• Data extract:
--
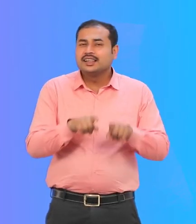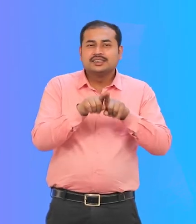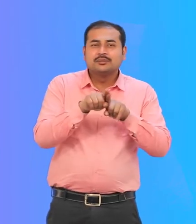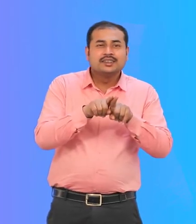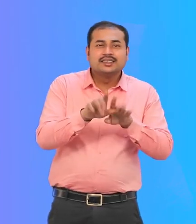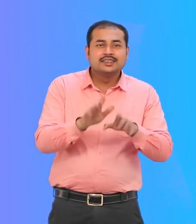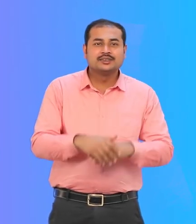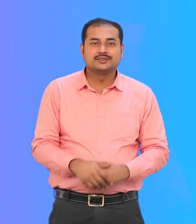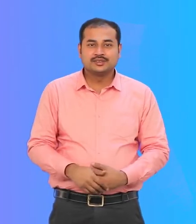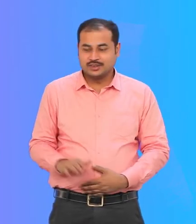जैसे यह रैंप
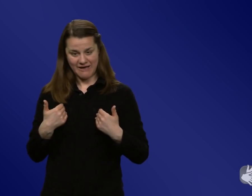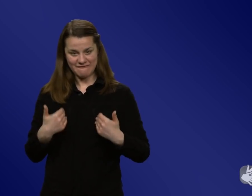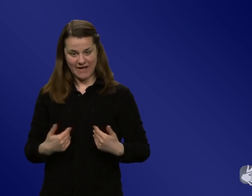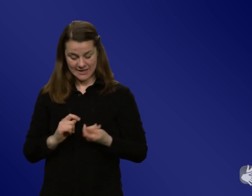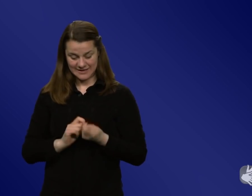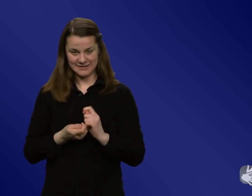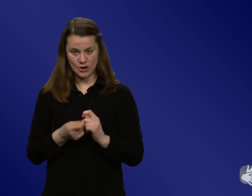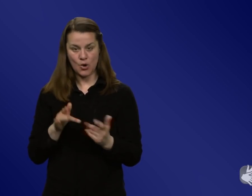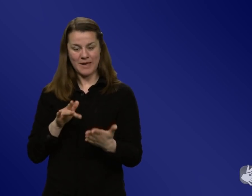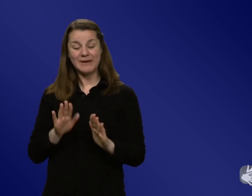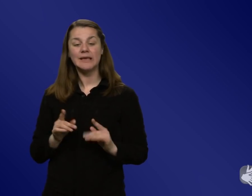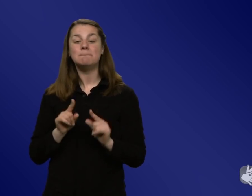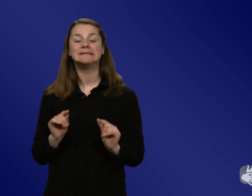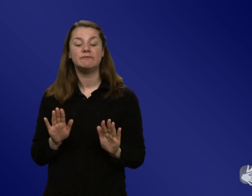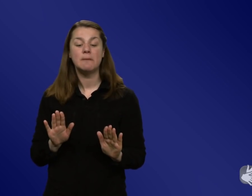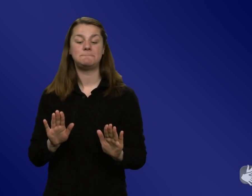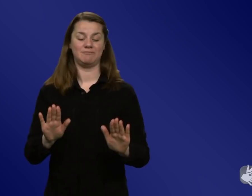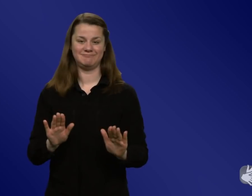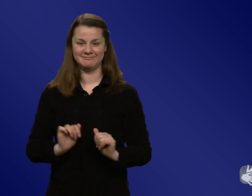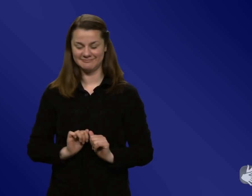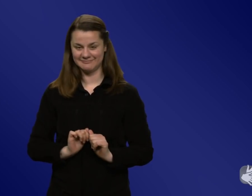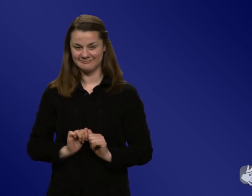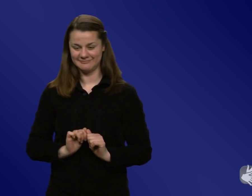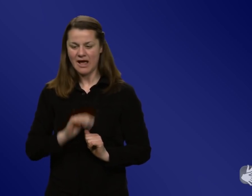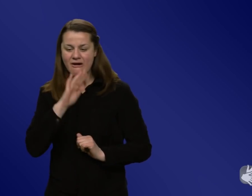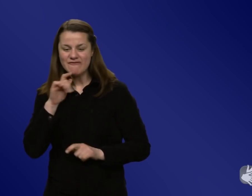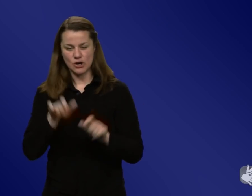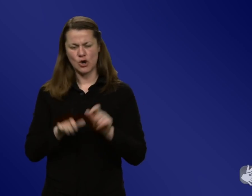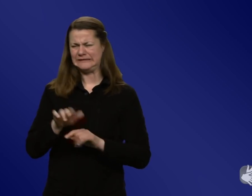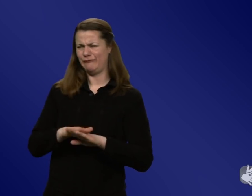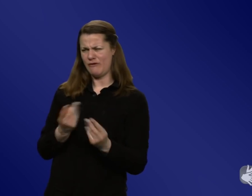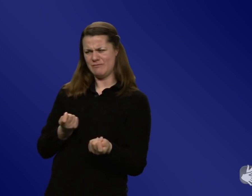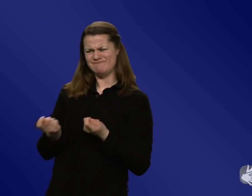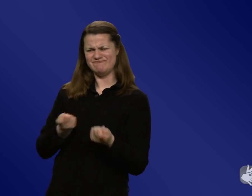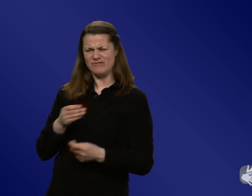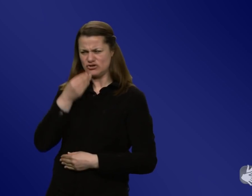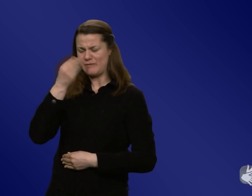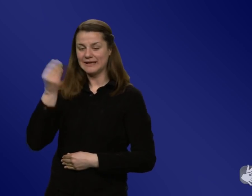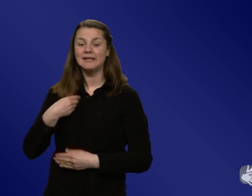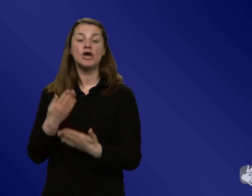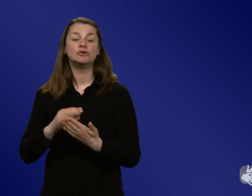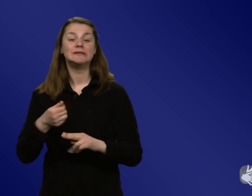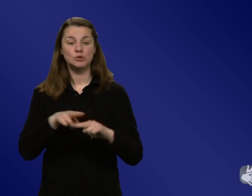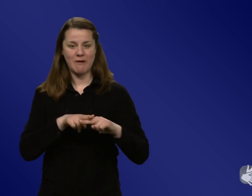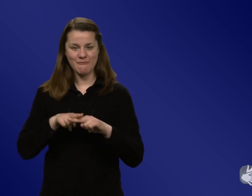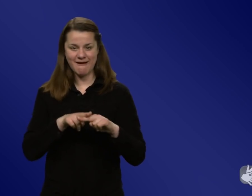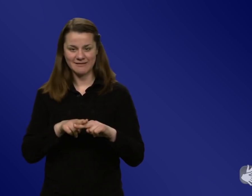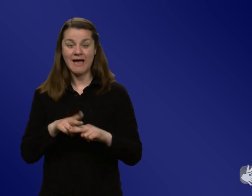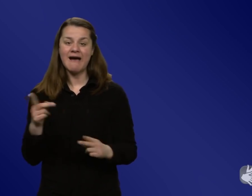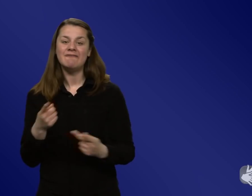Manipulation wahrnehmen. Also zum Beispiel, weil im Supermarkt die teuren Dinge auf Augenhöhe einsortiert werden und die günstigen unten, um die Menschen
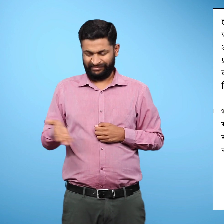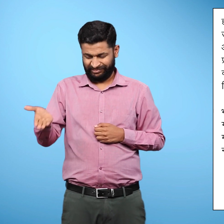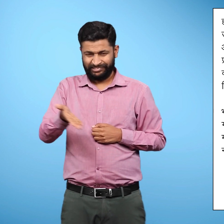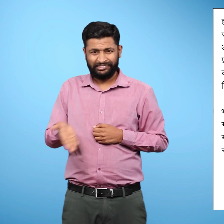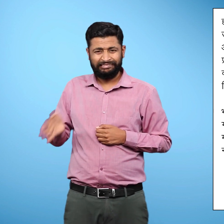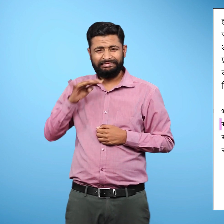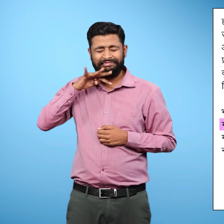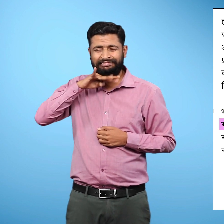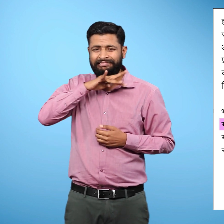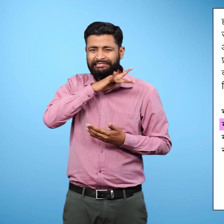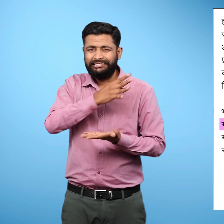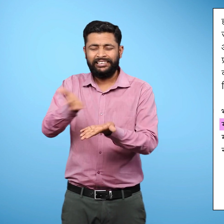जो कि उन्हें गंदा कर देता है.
--
• Work to be completed: All lines from the one that contains "Manipulation wahrnehmen. Also" through the last line of the data should be retyped exactly, with the pictures left out.

• Reply to the task:
Manipulation wahrnehmen. Also zum Beispiel, weil im Supermarkt die teuren Dinge auf Augenhöhe einsortiert werden und die günstigen unten, um die Menschen
जो कि उन्हें गंदा कर देता है.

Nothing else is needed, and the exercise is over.